[Source records]
# # # # #
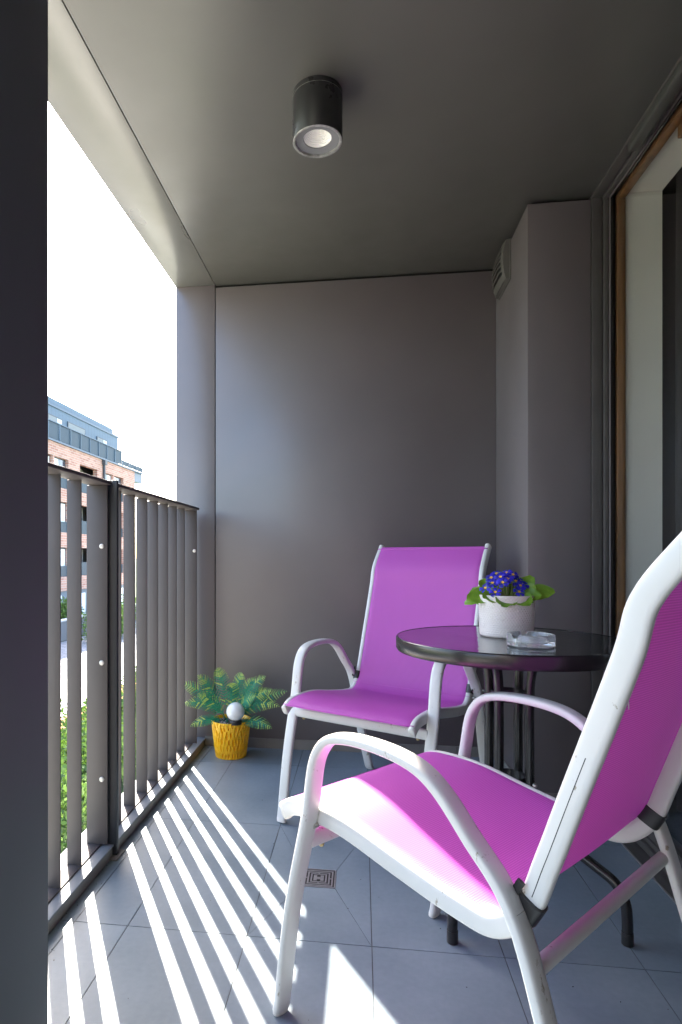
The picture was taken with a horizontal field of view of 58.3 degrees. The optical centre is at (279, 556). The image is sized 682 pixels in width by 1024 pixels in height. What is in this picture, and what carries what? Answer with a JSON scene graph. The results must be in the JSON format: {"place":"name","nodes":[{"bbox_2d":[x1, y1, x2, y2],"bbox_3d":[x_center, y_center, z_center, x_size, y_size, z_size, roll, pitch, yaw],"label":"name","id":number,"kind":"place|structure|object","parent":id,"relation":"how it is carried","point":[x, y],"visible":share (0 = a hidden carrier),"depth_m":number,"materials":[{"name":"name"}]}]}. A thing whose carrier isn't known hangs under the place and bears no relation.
{"place":"outdoors","nodes":[
{"label":"outdoors","id":0,"kind":"place"},
{"bbox_2d":[61,621,135,680],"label":"cobbled road","id":1,"kind":"structure","parent":0,"point":[64,659],"depth_m":25.66,"materials":[{"name":"grey stone"}]},
{"bbox_2d":[61,650,135,716],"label":"pavement","id":2,"kind":"structure","parent":0,"point":[64,688],"depth_m":19.16,"materials":[{"name":"grey concrete"}]},
{"bbox_2d":[61,559,135,851],"bbox_3d":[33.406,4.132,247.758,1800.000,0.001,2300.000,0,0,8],"label":"ground","id":3,"kind":"structure","parent":0,"point":[65,841],"depth_m":10.93,"materials":[{"name":"green plant"}]},
{"bbox_2d":[0,0,47,1023],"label":"pier","id":4,"kind":"structure","parent":3,"relation":"on","point":[23,511],"depth_m":1.02,"materials":[{"name":"grey metal"}]},
{"bbox_2d":[61,765,86,852],"bbox_3d":[-3.902,3.531,9.121,3.451,1.222,2.745,0,0,31],"label":"shrub","id":5,"kind":"object","parent":3,"relation":"on","point":[64,804],"visible":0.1,"depth_m":8.52,"materials":[{"name":"green plant"}]},
{"bbox_2d":[48,396,146,613],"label":"apartment building","id":6,"kind":"structure","parent":3,"relation":"on","point":[80,442],"depth_m":43.88,"materials":[{"name":"orange brick"}]},
{"bbox_2d":[48,413,61,441],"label":"window","id":7,"kind":"structure","parent":6,"relation":"in","point":[51,417],"depth_m":41.33,"materials":[{"name":"grey glass"}]},
{"bbox_2d":[54,457,64,466],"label":"window","id":8,"kind":"structure","parent":6,"relation":"in","point":[57,461],"depth_m":40.38,"materials":[{"name":"grey glass"}]},
{"bbox_2d":[61,548,64,565],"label":"window","id":9,"kind":"structure","parent":6,"relation":"in","point":[62,549],"depth_m":40.87,"materials":[{"name":"white"}]},
{"bbox_2d":[61,502,64,521],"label":"window","id":10,"kind":"structure","parent":6,"relation":"in","point":[62,504],"depth_m":40.81,"materials":[{"name":"white glass"}]},
{"bbox_2d":[67,421,84,449],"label":"window","id":11,"kind":"structure","parent":6,"relation":"in","point":[70,425],"depth_m":44.21,"materials":[{"name":"grey"}]},
{"bbox_2d":[82,593,84,611],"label":"garage door","id":12,"kind":"structure","parent":6,"relation":"in","point":[83,594],"depth_m":43.56,"materials":[{"name":"white"}]},
{"bbox_2d":[97,436,106,456],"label":"window","id":13,"kind":"structure","parent":6,"relation":"in","point":[98,438],"depth_m":48.65,"materials":[{"name":"grey glass"}]},
{"bbox_2d":[61,715,135,782],"bbox_3d":[-3.776,3.577,11.504,2.925,1.152,3.237,0,0,-7],"label":"shrub","id":14,"kind":"object","parent":3,"relation":"on","point":[64,743],"visible":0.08,"depth_m":10.89,"materials":[{"name":"green plant"}]},
{"bbox_2d":[61,690,135,725],"bbox_3d":[-3.445,3.555,13.660,2.793,1.170,3.372,0,0,42],"label":"shrub","id":15,"kind":"object","parent":3,"relation":"on","point":[84,711],"visible":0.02,"depth_m":13.42,"materials":[{"name":"green plant"}]},
{"bbox_2d":[61,606,135,641],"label":"garden wall","id":16,"kind":"structure","parent":3,"relation":"on","point":[64,629],"depth_m":29.90,"materials":[{"name":"grey concrete"}]},
{"bbox_2d":[121,670,135,698],"bbox_3d":[-3.072,3.592,16.309,3.483,1.109,2.632,0,0,8],"label":"shrub","id":17,"kind":"object","parent":3,"relation":"on","point":[122,684],"depth_m":16.54,"materials":[{"name":"green plant"}]},
{"bbox_2d":[176,285,215,736],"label":"end pier","id":18,"kind":"structure","parent":3,"relation":"on","point":[195,396],"depth_m":2.97,"materials":[{"name":"grey paint"}]},
{"bbox_2d":[82,594,135,642],"bbox_3d":[-8.516,3.030,31.033,2.474,2.280,5.978,0,0,8],"label":"shrub","id":19,"kind":"object","parent":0,"point":[83,615],"visible":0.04,"depth_m":30.23,"materials":[{"name":"green plant"}]},
{"bbox_2d":[48,102,175,558],"label":"sky","id":20,"kind":"structure","parent":0,"point":[112,304],"materials":[{"name":"white"}]},
{"bbox_2d":[48,746,681,1023],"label":"balcony floor","id":21,"kind":"structure","parent":0,"point":[380,950],"depth_m":1.46,"materials":[{"name":"tile"}]},
{"bbox_2d":[185,668,286,759],"bbox_3d":[-0.207,0.715,2.805,0.496,0.409,0.205,0,0,8],"label":"potted fern","id":22,"kind":"object","parent":21,"relation":"on","point":[230,742],"visible":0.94,"depth_m":2.77,"materials":[{"name":"green plant"}]},
{"bbox_2d":[226,702,244,725],"bbox_3d":[-0.200,0.725,2.751,0.083,0.131,0.083,0,0,8],"label":"garden globe light","id":23,"kind":"object","parent":22,"relation":"on","point":[235,711],"visible":1,"depth_m":2.72,"materials":[{"name":"white glass"}]},
{"bbox_2d":[305,868,335,888],"bbox_3d":[0.112,0.920,1.739,0.097,0.003,0.097,0,0,8],"label":"floor drain","id":24,"kind":"object","parent":21,"relation":"on","point":[322,878],"visible":0.77,"depth_m":1.74,"materials":[{"name":"grey metal"}]},
{"bbox_2d":[205,736,557,797],"bbox_3d":[0.485,0.897,2.777,1.669,0.045,0.502,0,0,29],"label":"wall skirting","id":25,"kind":"object","parent":21,"relation":"on","point":[416,749],"depth_m":2.89,"materials":[{"name":"tile"}]},
{"bbox_2d":[277,543,491,822],"bbox_3d":[0.425,0.434,2.244,0.552,0.975,0.772,0,0,36],"label":"patio chair","id":26,"kind":"object","parent":21,"relation":"on","point":[391,689],"visible":0.87,"depth_m":2.36,"materials":[{"name":"fabric"}]},
{"bbox_2d":[273,531,681,1023],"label":"patio chair","id":27,"kind":"object","parent":21,"relation":"on","point":[478,847],"visible":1,"depth_m":0.99,"materials":[{"name":"fabric"}]},
{"bbox_2d":[396,626,633,947],"bbox_3d":[0.623,0.570,1.651,0.602,0.700,0.602,0,0,8],"label":"bistro table","id":28,"kind":"object","parent":21,"relation":"on","point":[570,651],"visible":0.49,"depth_m":1.57,"materials":[{"name":"black"}]},
{"bbox_2d":[464,570,554,638],"bbox_3d":[0.641,0.128,1.709,0.203,0.185,0.212,0,0,-38],"label":"potted primrose","id":29,"kind":"object","parent":28,"relation":"on","point":[504,602],"visible":0.99,"depth_m":1.66,"materials":[{"name":"beige ceramic"}]},
{"bbox_2d":[507,631,555,648],"bbox_3d":[0.626,0.206,1.512,0.113,0.030,0.113,0,0,-27],"label":"ashtray","id":30,"kind":"object","parent":28,"relation":"on","point":[535,640],"visible":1,"depth_m":1.47,"materials":[{"name":"clear glass"}]},
{"bbox_2d":[496,200,590,792],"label":"corner column","id":31,"kind":"structure","parent":21,"relation":"on","point":[543,419],"depth_m":2.25,"materials":[{"name":"grey paint"}]},
{"bbox_2d":[492,238,510,299],"bbox_3d":[0.950,-1.235,2.617,0.044,0.170,0.210,0,0,8],"label":"wall vent","id":32,"kind":"object","parent":31,"relation":"attached to","point":[501,275],"depth_m":2.55,"materials":[{"name":"grey plastic"}]},
{"bbox_2d":[589,54,681,903],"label":"balcony door","id":33,"kind":"structure","parent":21,"relation":"on","point":[636,362],"depth_m":2.00,"materials":[{"name":"metal"}]},
{"bbox_2d":[63,0,681,285],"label":"ceiling","id":34,"kind":"structure","parent":0,"point":[472,129],"depth_m":1.81,"materials":[{"name":"grey paint"}]},
{"bbox_2d":[48,0,214,286],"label":"soffit fascia","id":35,"kind":"structure","parent":34,"relation":"attached to","point":[83,103],"depth_m":1.96,"materials":[{"name":"white paint"}]},
{"bbox_2d":[293,75,342,157],"bbox_3d":[0.108,-1.257,1.740,0.143,0.137,0.143,0,0,8],"label":"ceiling lamp","id":36,"kind":"object","parent":34,"relation":"attached to","point":[317,116],"visible":1,"depth_m":1.69,"materials":[{"name":"metal"}]},
{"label":"slab edge","id":37,"kind":"structure","parent":0,"visible":0},
{"bbox_2d":[48,740,204,933],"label":"balcony kerb","id":38,"kind":"structure","parent":37,"relation":"on","point":[72,899],"depth_m":1.85,"materials":[{"name":"metal"}]},
{"bbox_2d":[48,737,204,921],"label":"balcony sill","id":39,"kind":"structure","parent":38,"relation":"on","point":[56,903],"depth_m":1.86,"materials":[{"name":"grey concrete"}]},
{"bbox_2d":[48,462,111,902],"bbox_3d":[-0.601,0.325,1.497,0.079,1.113,0.736,0,0,8],"label":"balcony railing","id":40,"kind":"object","parent":39,"relation":"on","point":[78,856],"visible":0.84,"depth_m":1.73,"materials":[{"name":"paint"}]},
{"bbox_2d":[108,480,124,860],"bbox_3d":[-0.539,0.342,1.873,0.102,1.156,0.064,0,0,8],"label":"railing post","id":41,"kind":"object","parent":39,"relation":"on","point":[113,665],"visible":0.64,"depth_m":1.86,"materials":[{"name":"grey metal"}]},
{"bbox_2d":[119,484,198,824],"bbox_3d":[-0.482,0.325,2.376,0.079,1.113,0.986,0,0,8],"label":"balcony railing","id":42,"kind":"object","parent":39,"relation":"on","point":[166,610],"visible":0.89,"depth_m":2.38,"materials":[{"name":"metal"}]},
{"bbox_2d":[216,271,495,754],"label":"panel wall","id":43,"kind":"structure","parent":37,"relation":"on","point":[355,424],"depth_m":2.88,"materials":[{"name":"grey paint"}]},
{"bbox_2d":[216,270,492,287],"bbox_3d":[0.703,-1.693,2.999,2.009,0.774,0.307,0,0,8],"label":"shadow gap","id":44,"kind":"object","parent":43,"relation":"on","point":[354,278],"visible":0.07,"depth_m":2.89,"materials":[{"name":"black"}]},
{"label":"forecourt","id":45,"kind":"structure","parent":0,"visible":0},
{"bbox_2d":[61,596,85,618],"bbox_3d":[-11.284,3.090,32.643,1.617,2.101,2.463,0,0,-11],"label":"shrub","id":46,"kind":"object","parent":45,"relation":"on","point":[63,609],"visible":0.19,"depth_m":32.08,"materials":[{"name":"green plant"}]}
]}
# # # # #
Exercise instructions | Scan the preceding records line by line, and state how many lines contain "chair". Nothing else belongs in the answer.

Exercise response | 2